Clear Air Turbulence

It’s the smack in the face that you don’t see coming that stings you the most.   When the day is clear and cloudless, the danger of being rocked by severe turbulence is the highest.   It’s called clear air turbulence, and it can make your insides tumble like a rack of billiard balls after the solid whack of a speeding cue ball with topspin.

Clear air turbulence makes you appreciate the paranoid folks who find danger where the reasonable person you think you are wouldn’t even look. The once ubiquitous bumper sticker that said “Just because you’re paranoid doesn’t mean that they aren’t after you” should, I think, be followed with the motto “respect the paranoid.”

I know it isn’t fun being paranoid, which I can say as a charter member of the club, but it is certainly useful.   I don’t think I would trade it for anything approaching the opposite.   It is the excessive fear of danger that has probably kept me relatively safe for much of my life, albeit a life likely shortened by the accompanying unremitting anxiety. I would love to capture the vigilance without all that accompanying fear, but I don’t think life works that way.   It’s the fear that drives us, and the greater the fear, the more horsepower in that engine.

Turbulence is caused when masses of air moving at vastly different speeds collide with each other.   You don’t see it so much on cloudy days, because in order for clouds to form the air masses must be calm enough to contain the moisture within them.   Sometimes cirrus clouds—those wispy, mostly horizontal ones—are clues that there is likely to be turbulence around, but the worst of the turbulence occurs when the air masses are moving so quickly that the particulates that hang around the atmosphere are so dispersed that you can’t see them at all.

Clear air turbulence is a reminder that that which cannot be seen and that therefore can cause a shitload of trouble is all around us.   It could be an unrevealed secret, the elephant in the room as it were.   It could be the car that comes barreling through the red light out of nowhere; it could be a cancer diagnosis when you’re feeling just fine, thank you.

Not all surprises are bad, of course.   It’s just hard to think of any.   I have never, for example, received a letter in the mail alerting me to the fact that a distant relative has left me a lot of money.

Sometimes the mere fact of having been born with a sensitive nervous system can be mistaken for paranoia.   The line between just being extra-sensitive to one’s own and therefore another’s pain can lead to assuming that others feel the world the way you do.   Often they don’t, and when they don’t and you think they do they are going to call you paranoid.   They are wrong, of course.   Those of us who are extra-sensitive are not paranoid; the rest are just out to get us.

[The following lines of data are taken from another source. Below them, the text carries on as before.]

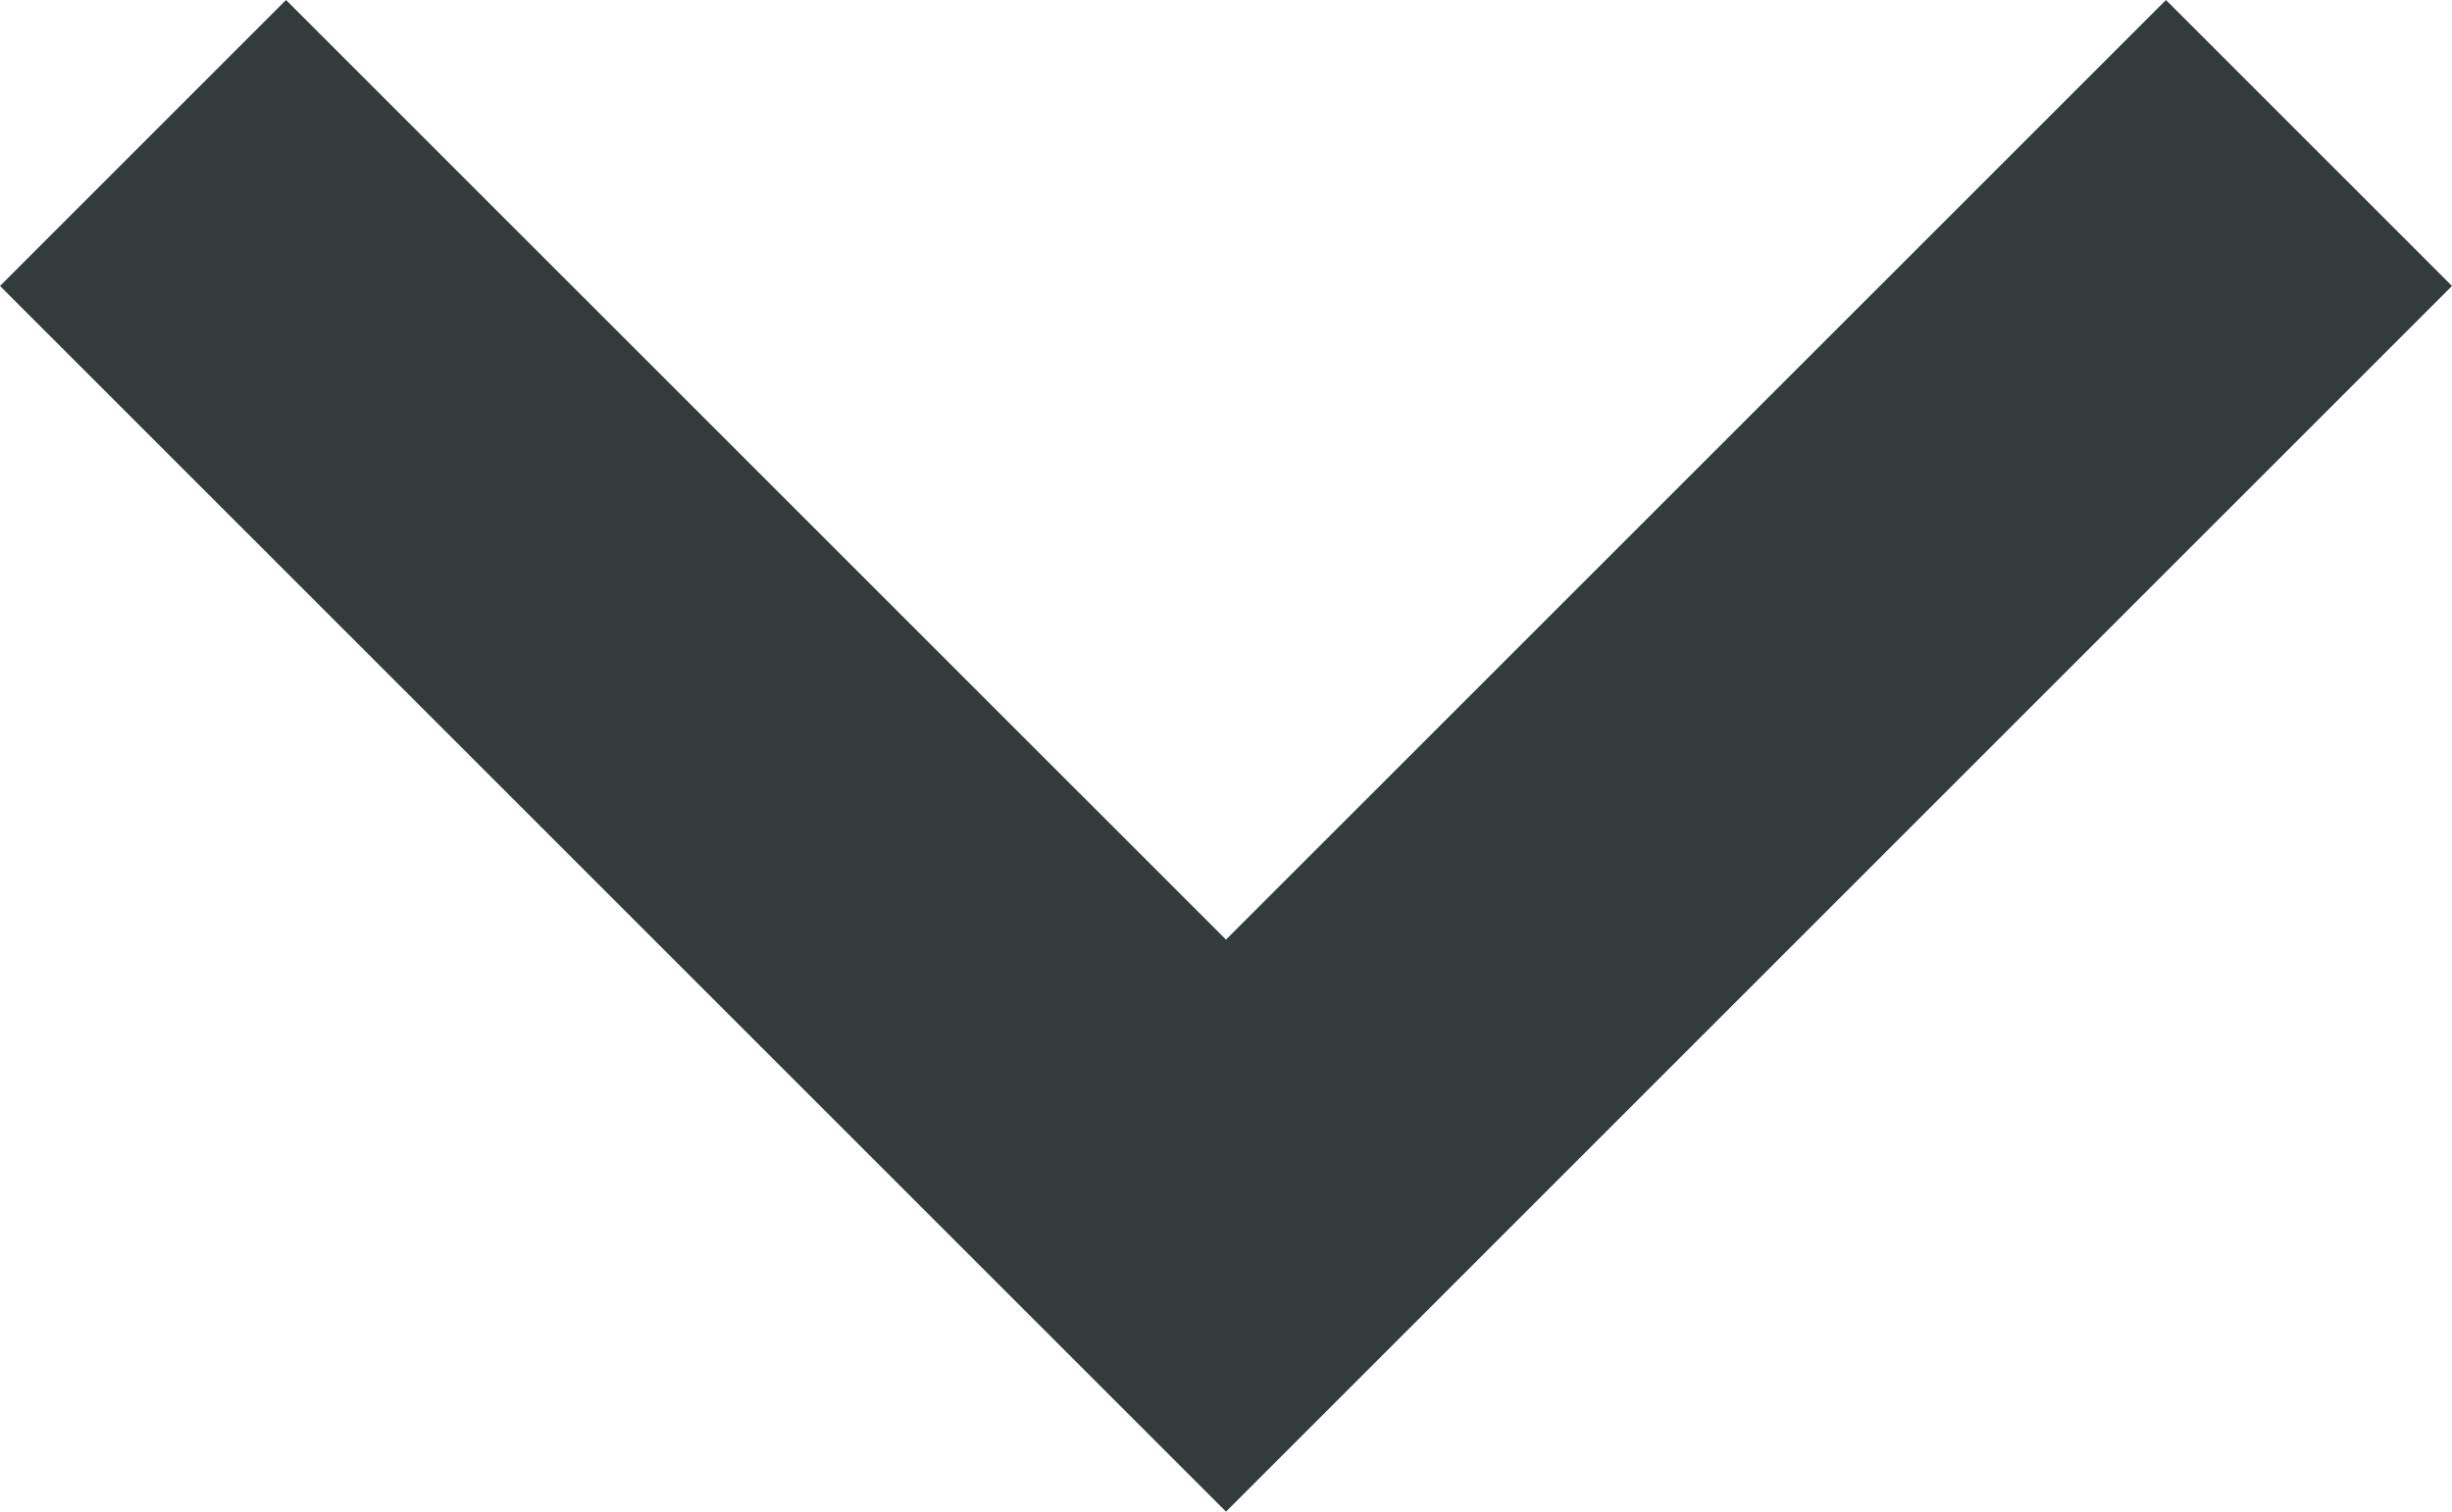 <svg xmlns="http://www.w3.org/2000/svg" xmlns:xlink="http://www.w3.org/1999/xlink" width="20" height="12.333" viewBox="0 0 20 12.333">
  <defs>
    <clipPath id="clip-path">
      <rect width="12.333" height="20" fill="none"/>
    </clipPath>
  </defs>
  <g id="arrow-down-accordion" transform="translate(20) rotate(90)" clip-path="url(#clip-path)">
    <path id="Icon_Keyboard_Arrow_-_Up_Dark" data-name="Icon / Keyboard Arrow - Up / Dark" d="M17.667,12.333,10,4.667,2.333,12.333,0,10,10,0,20,10Z" transform="translate(12.333) rotate(90)" fill="#343B3B"/>
  </g>
</svg>

In a relationship, you know you are in trouble when you don’t know you’re in trouble.   The air gets thick with “Everything’s just fine, honey,” and then you know the volcano is likely to erupt.   Yes, the air gets still and calm right before the storm.   Better to have clouds in the sky, because when there are clouds you can see them and therefore you know where you are in relation to them.   Things are finer, for sure, when they are not fine, when there are clouds in the sky you can see and read.

I have believed for quite some time now that there are few things worse in life than not knowing where one stands.   I would like to know whether the affection you are showing is real and deserved, just as I would like to know if I am in the doghouse so I can at the very least hide in it until the invisible storm has passed.

For those of you stuck on the ground looking up at the sky, you might want to consider that if the skies are clear and blue there’s a lot more danger there than you think.   If you don’t see any big, puffy clouds, you might want to lose that naïve complacency of yours.   Get a grip.   There’s danger out there, just when you thought it was safe to go outside.